▸ **Records for this task**:

--------

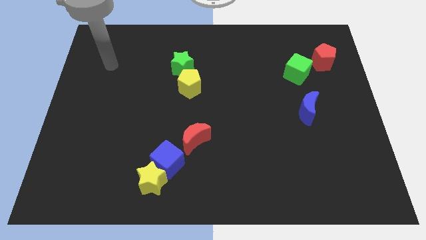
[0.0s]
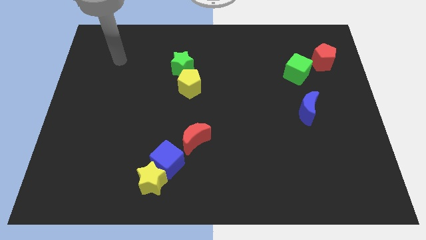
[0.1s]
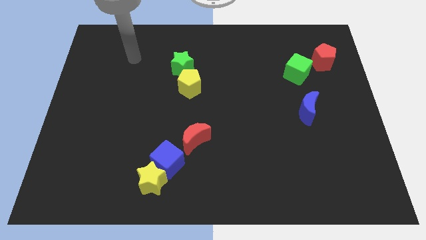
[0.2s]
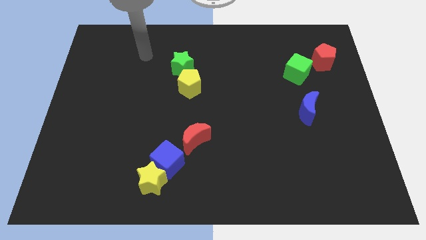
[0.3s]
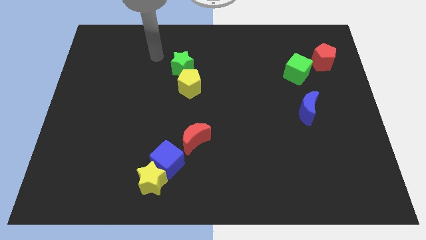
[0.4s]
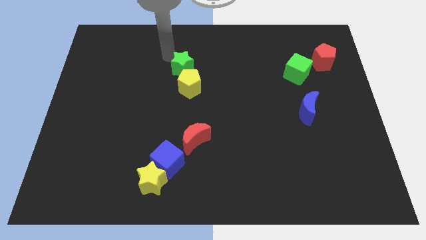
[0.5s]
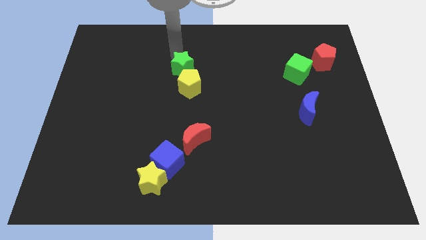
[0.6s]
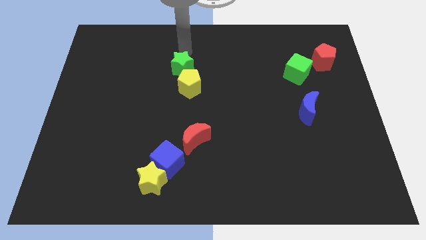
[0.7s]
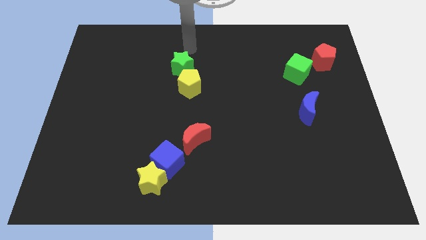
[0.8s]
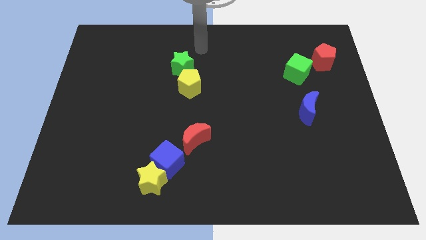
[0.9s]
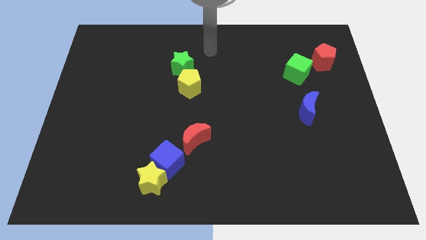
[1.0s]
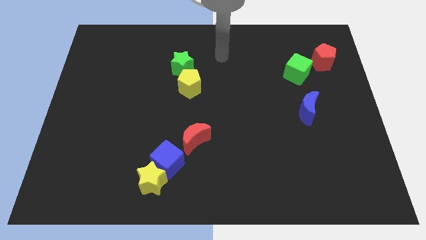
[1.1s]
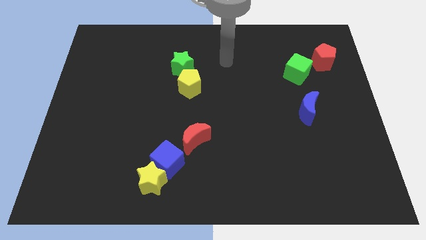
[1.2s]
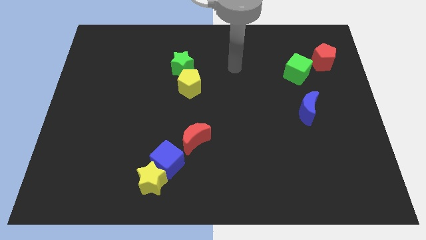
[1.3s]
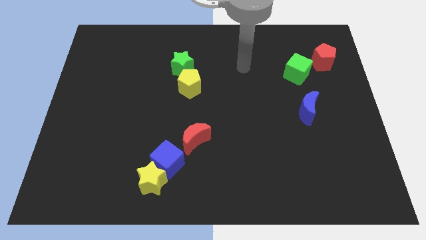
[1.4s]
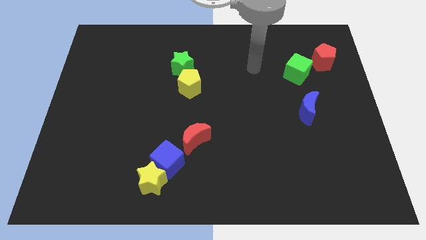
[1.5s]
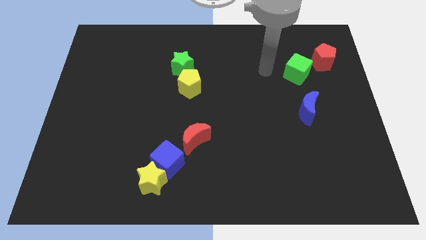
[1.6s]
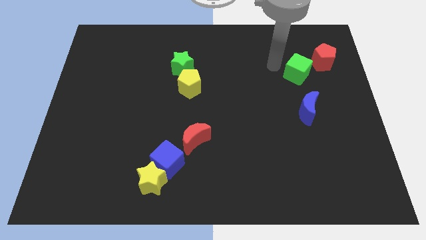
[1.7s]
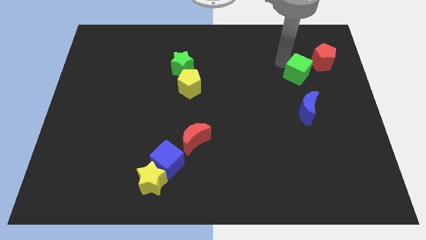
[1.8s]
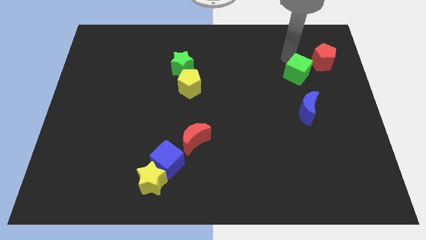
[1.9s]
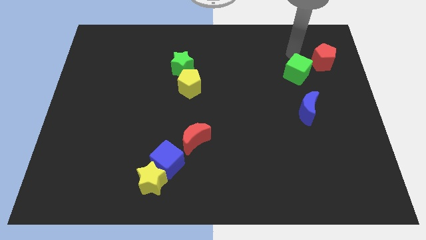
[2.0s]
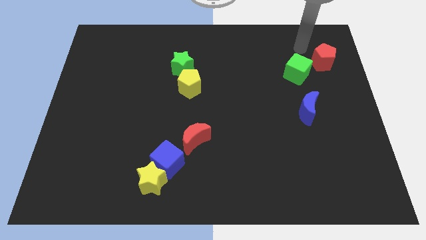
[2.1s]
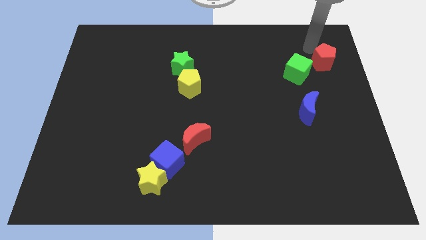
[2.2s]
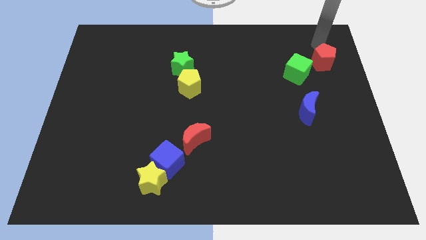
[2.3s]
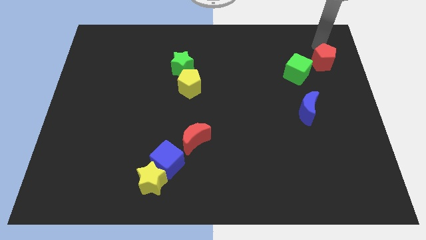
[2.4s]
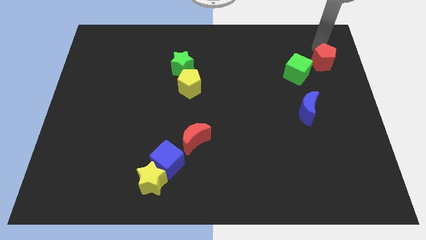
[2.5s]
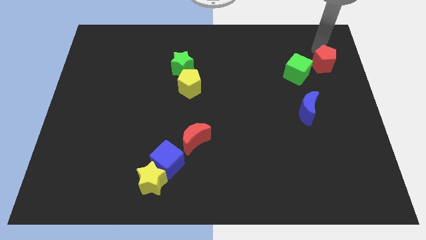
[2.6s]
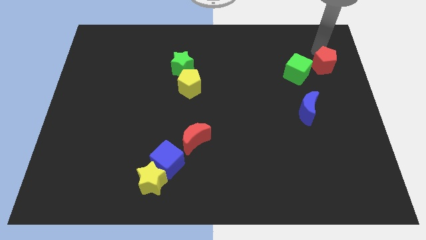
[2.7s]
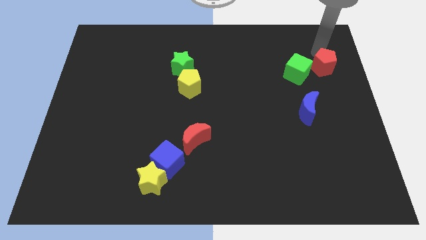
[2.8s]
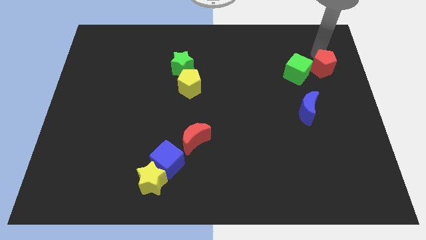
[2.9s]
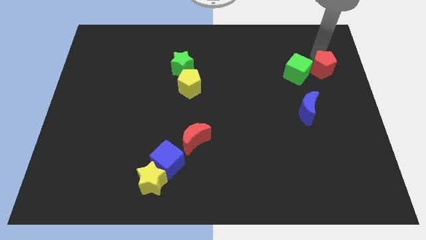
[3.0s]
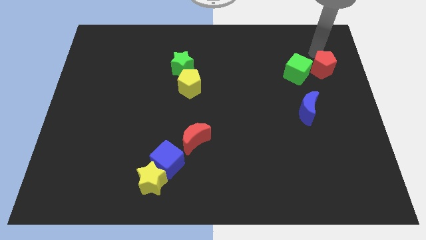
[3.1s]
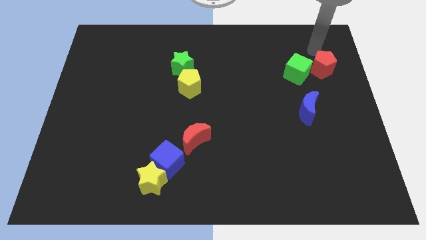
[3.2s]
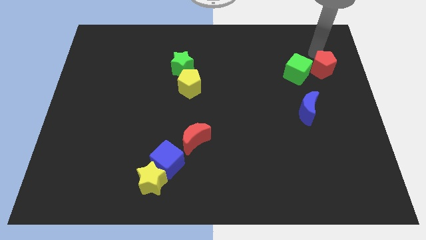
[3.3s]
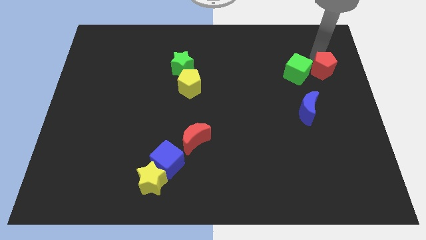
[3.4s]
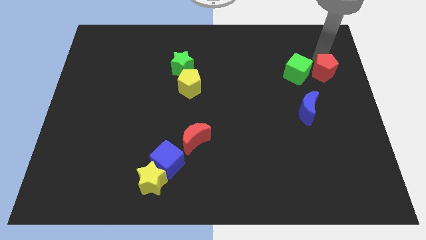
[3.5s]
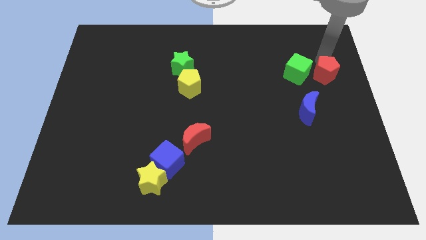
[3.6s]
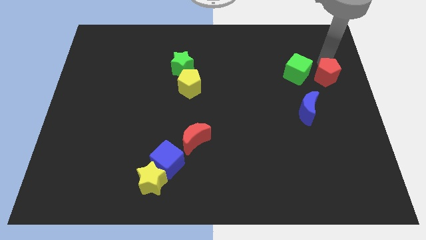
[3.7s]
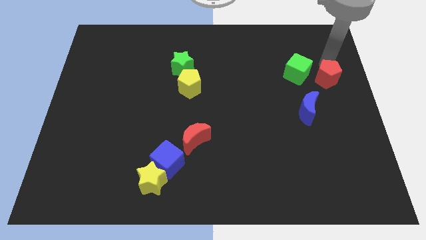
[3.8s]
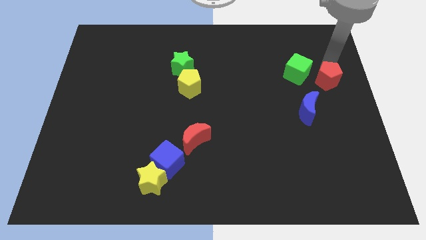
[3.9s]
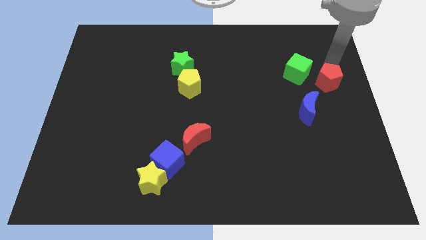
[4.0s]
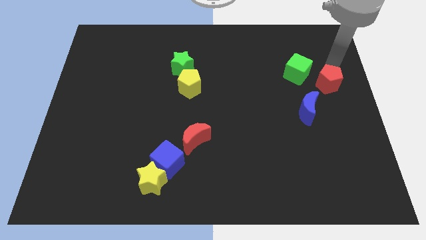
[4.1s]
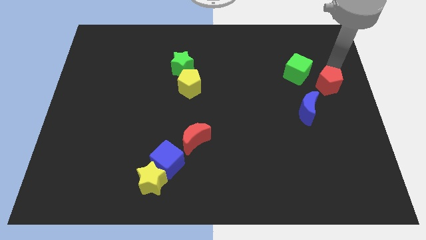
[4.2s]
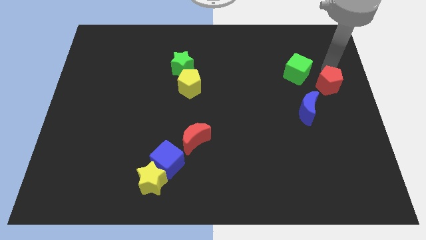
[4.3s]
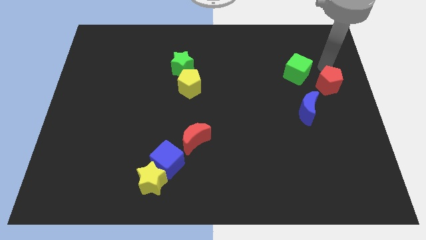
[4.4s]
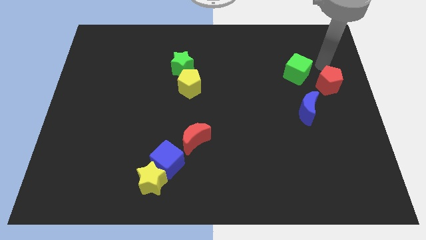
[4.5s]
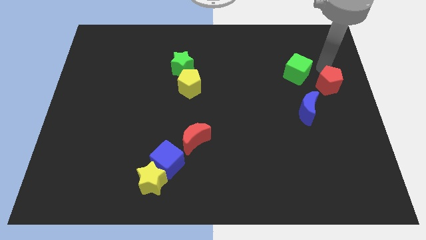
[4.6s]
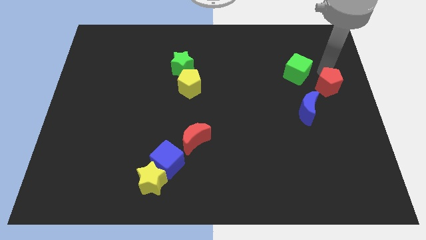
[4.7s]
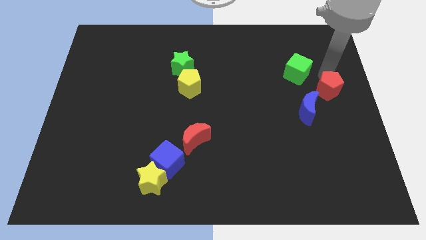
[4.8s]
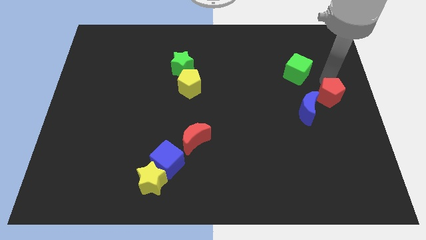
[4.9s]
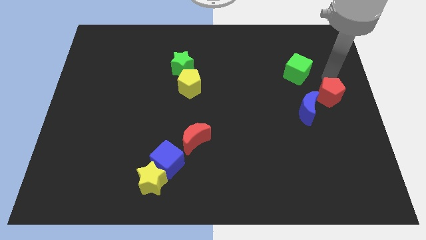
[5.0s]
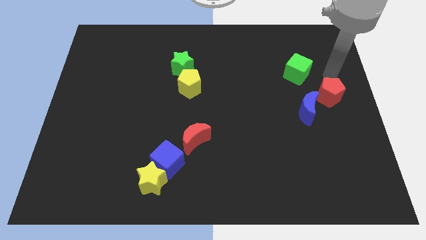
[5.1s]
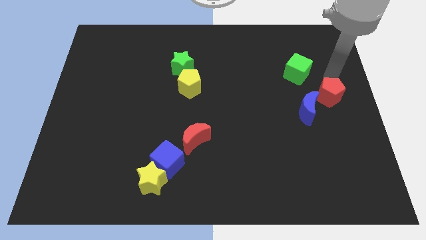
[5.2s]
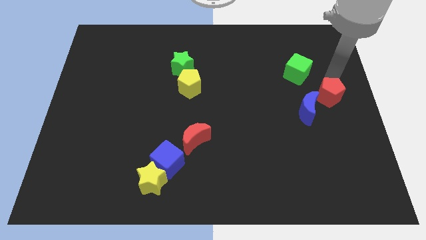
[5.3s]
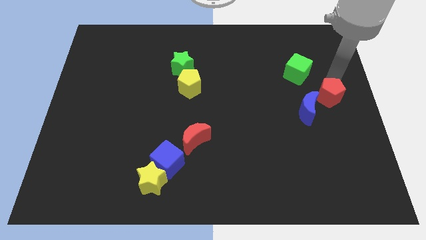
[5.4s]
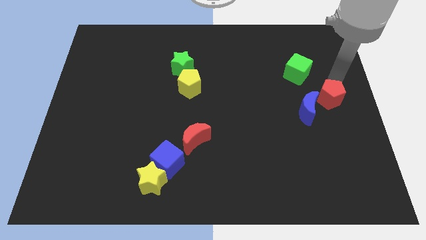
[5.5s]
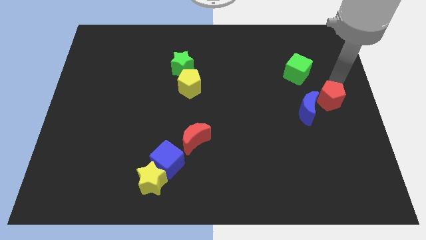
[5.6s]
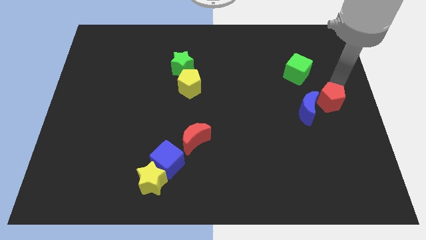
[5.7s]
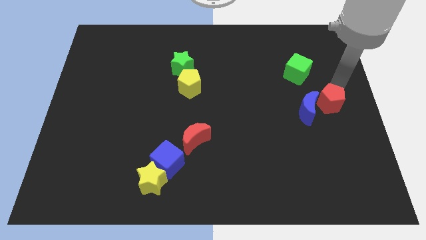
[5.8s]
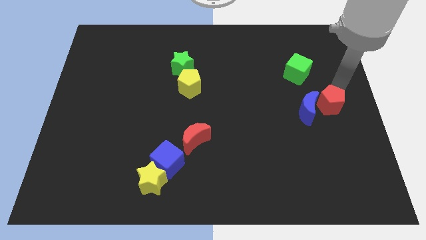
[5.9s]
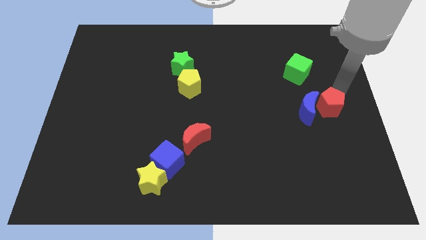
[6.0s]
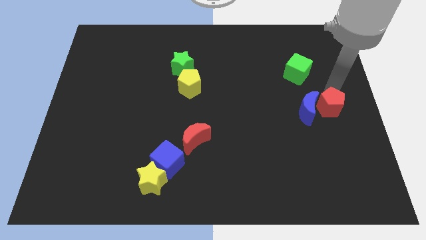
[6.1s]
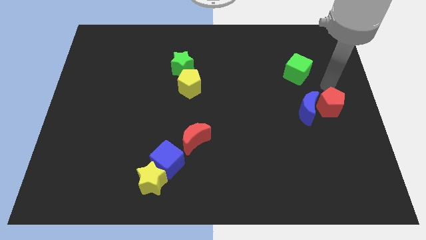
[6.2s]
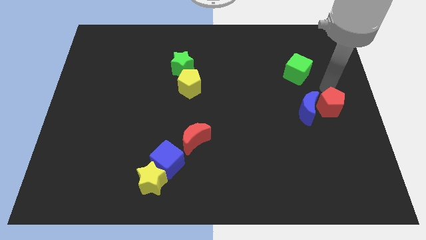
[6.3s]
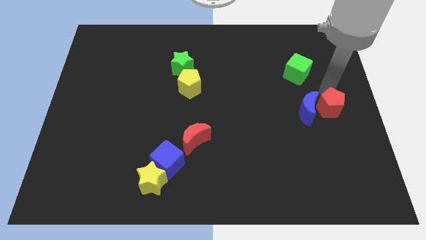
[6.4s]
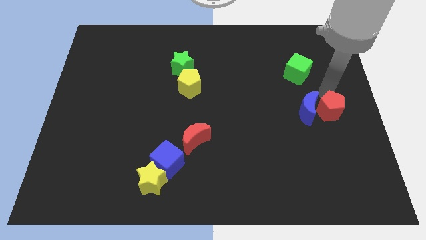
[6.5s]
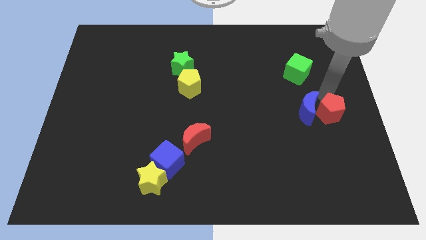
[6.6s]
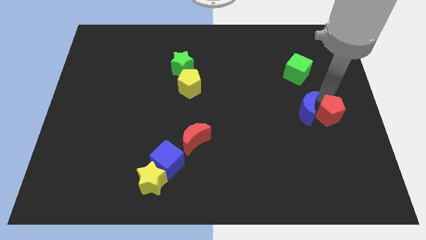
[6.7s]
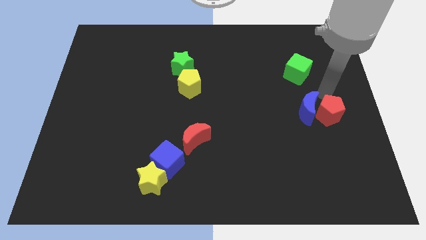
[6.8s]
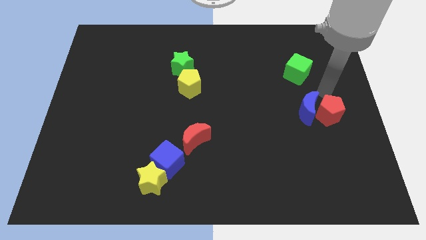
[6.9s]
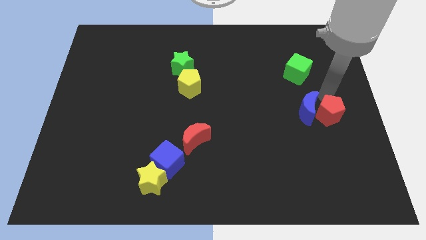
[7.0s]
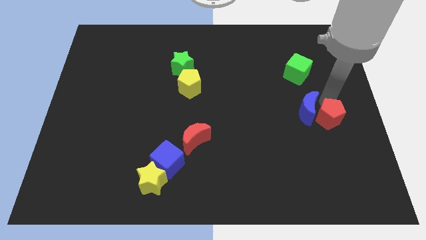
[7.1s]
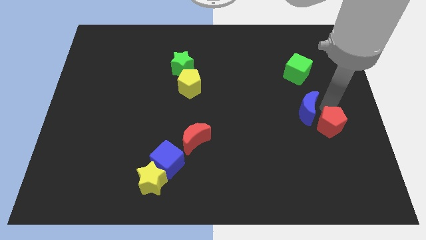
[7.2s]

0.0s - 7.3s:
slide the red pentagon down

--------

▸ **Assigned task**:
Return every entry exactly, dropping the pictures.

▸ **Answer for the task**:
[0.0s]
[0.1s]
[0.2s]
[0.3s]
[0.4s]
[0.5s]
[0.6s]
[0.7s]
[0.8s]
[0.9s]
[1.0s]
[1.1s]
[1.2s]
[1.3s]
[1.4s]
[1.5s]
[1.6s]
[1.7s]
[1.8s]
[1.9s]
[2.0s]
[2.1s]
[2.2s]
[2.3s]
[2.4s]
[2.5s]
[2.6s]
[2.7s]
[2.8s]
[2.9s]
[3.0s]
[3.1s]
[3.2s]
[3.3s]
[3.4s]
[3.5s]
[3.6s]
[3.7s]
[3.8s]
[3.9s]
[4.0s]
[4.1s]
[4.2s]
[4.3s]
[4.4s]
[4.5s]
[4.6s]
[4.7s]
[4.8s]
[4.9s]
[5.0s]
[5.1s]
[5.2s]
[5.3s]
[5.4s]
[5.5s]
[5.6s]
[5.7s]
[5.8s]
[5.9s]
[6.0s]
[6.1s]
[6.2s]
[6.3s]
[6.4s]
[6.5s]
[6.6s]
[6.7s]
[6.8s]
[6.9s]
[7.0s]
[7.1s]
[7.2s]

0.0s - 7.3s:
slide the red pentagon down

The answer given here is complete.